On April 2nd, 2014 the Supreme Court handed down a decision that was met with reactions ranging from support to disinterest to deeply held anger. The ruling in McCutcheon v. Federal Election Commission, written by Chief Justice Roberts, hinges on the concept of money as speech that finds its roots in precedent reaching back more than forty years.

Campaign finance has, historically, been a subject riddled with controversy. In 1971, in the wake of the Watergate Scandal, Congress introduced The Federal Election Campaign Act (FECA) in an effort to check corruption at the highest echelons of government and to restore the faith of the voter in government. The FECA went on to easily pass in the Senate with 88 votes for and only two votes against. Through a series of amendments of the FECA in 1974, the Federal Election Commission (FEC) was created, and new provisions were formed which required every candidate, party committee, candidate committee, and political action committee active in an election cycle to disclose all contributions and expenditures, and placed limitations on the total amount an individual could donate to a political candidate or party during a given year.


In 1975, Senator James Buckley along with former Presidential Candidate Eugene McCarthy and various NGOs brought suit in the District Court of the District of Columbia against Francis Valeo, then Secretary of the Senate, based on the claim that the Federal Election Campaign Act’s limitation on campaign contributions was unconstitutional.
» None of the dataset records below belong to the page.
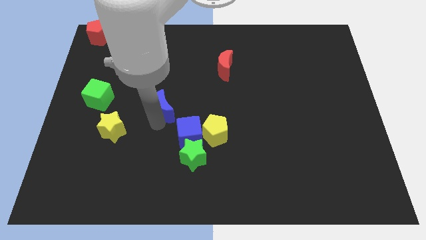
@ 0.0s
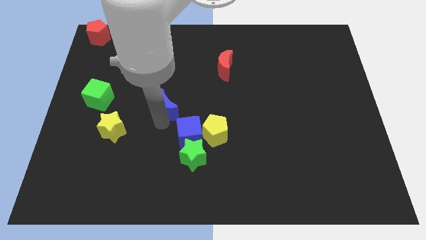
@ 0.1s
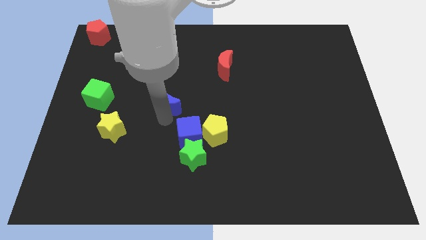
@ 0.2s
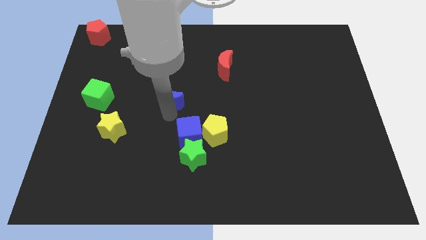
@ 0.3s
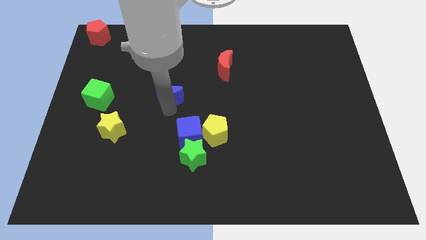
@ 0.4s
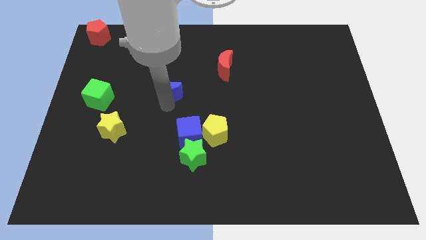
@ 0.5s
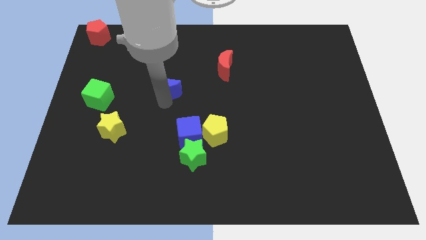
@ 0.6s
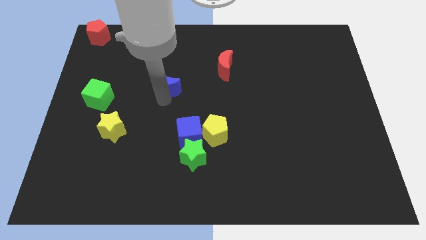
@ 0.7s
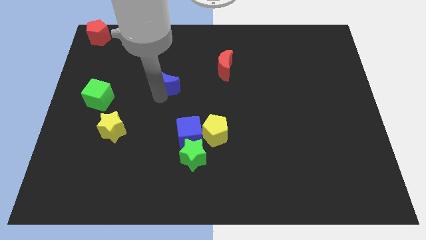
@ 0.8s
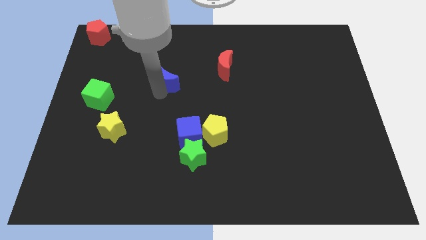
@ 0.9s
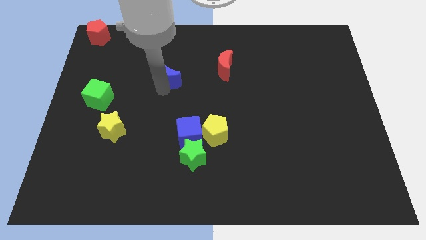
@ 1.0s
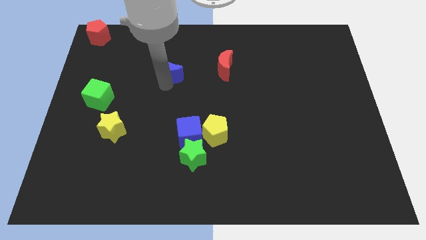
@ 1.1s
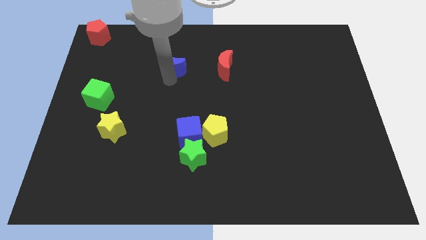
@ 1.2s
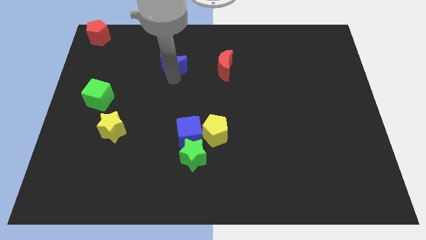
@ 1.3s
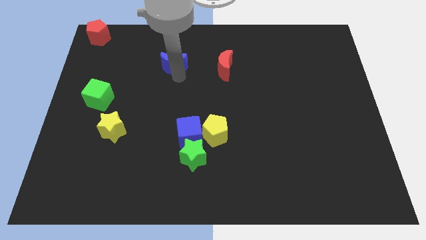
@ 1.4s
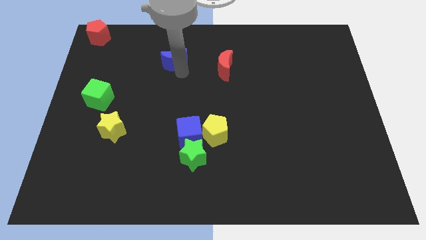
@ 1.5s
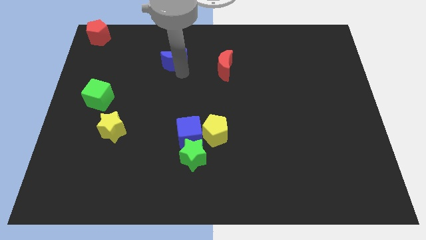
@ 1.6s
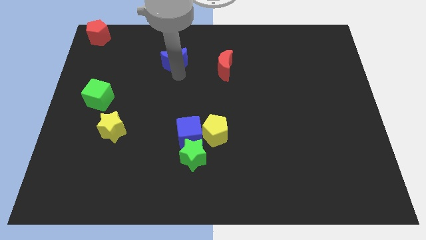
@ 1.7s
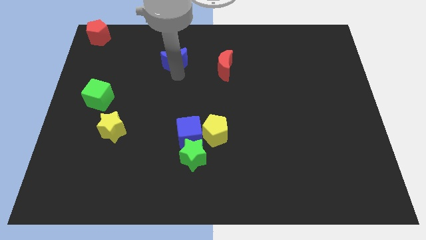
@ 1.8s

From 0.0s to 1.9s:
push blue moon towards top

The Supreme Court granted certiorari and heard the case in 1976. In Justice Warren E. Burger’s opinion announcement, the Court upheld the FECA’s restrictions on the amount of money an individual can donate to a candidate or committee, stating: “The Court holds that the contribution limits do not directly impinge upon the rights of individual citizens and candidates to engage in political debate and discussion.”[1]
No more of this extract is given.